How do you find points of inflection and determine the intervals of concavity given #y=1/(x-3)#?

Question

Cameron Alexander · Accepted Answer

We do not have a point of inflection. The function is concave in the interval #(-oo,3)# and is convex in the interval if #(3,oo)#

Points of inflection appear at points where #(d^2y)/(dx^2)=0#

Here #y=1/(x-3)# and as such #(dy)/(dx)=-1/(x-3)^2#

Therefore #(dy)/(dx)# is always negative i.e. function is always declining

and as #(d^2y)/(dx^2)=-(-2)/(x-3)^3=2/(x-3)^3#, it is positive when #x>3# and when #x<3#, it is negative, bur no where it is #0#,

Therefore, there isn't a point of inflection.

A function is concave if #f''(x)<0# in an interval and is convex in an interval if #f''(x)>0#.
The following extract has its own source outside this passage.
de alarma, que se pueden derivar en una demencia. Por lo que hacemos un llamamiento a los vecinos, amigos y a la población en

Here, function is concave in the interval #(-oo,3)# and is convex in the interval if #(3,oo)#.

graph{1/(x-3) [-10, 10, 5, 5, 10]}

Evelyn Agard · Answer

The intervals of concavity is #(-oo,3)#
The intervals of convexity is #(3,+oo)# We determine the second derivative. #y=1/(x-3)# #y'=-1/(x-3)^2# #y''=2/(x-3)^3# #y''=0# when #2/(x-3)^3=0# There isn't a turning point. We create a chart. #color(white)(aaaa)##Interval##color(white)(aaaa)##(-oo,3)##color(white)(aaaa)##(3,+oo)# #color(white)(aaaa)## "sign" ##color(white)(a)##y''##color(white)(aaaaaaaaa)##-##color(white)(aaaaaaaa)##+# #color(white)(aaaa)## ##color(white)(aaa)##y##color(white)(aaaaaaaaaaaa)##nn##color(white)(aaaaaaaa)##uu#

Emma Aldridge · Answer

undefined To find the points of inflection and determine the intervals of concavity for the function y = 1/(x - 3), follow these steps:

1. Find the second derivative of the function.
2. Set the second derivative equal to zero and solve for x to find the potential points of inflection.
3. Use the second derivative test to determine whether each potential point of inflection is indeed a point of inflection.
4. Determine the intervals of concavity by analyzing the sign of the second derivative in each interval.

Let's go through these steps:

1. Find the first derivative:
   y' = d/dx (1/(x - 3)) = -1/(x - 3)^2

2. Find the second derivative:
   y'' = d^2/dx^2 (-1/(x - 3)^2) = 2/(x - 3)^3

3. Set the second derivative equal to zero and solve for x:
   2/(x - 3)^3 = 0
   This equation has no real solutions.

4. Since there are no points of inflection found from the second derivative test, we can skip this step.

5. Determine the intervals of concavity:
   To find the intervals of concavity, analyze the sign of the second derivative.
   - For x < 3, the second derivative is positive, indicating concave up.
   - For x > 3, the second derivative is positive, indicating concave up.
   Thus, the function is concave up for all x values.

In summary, the function y = 1/(x - 3) has no points of inflection, and it is concave up for all x values.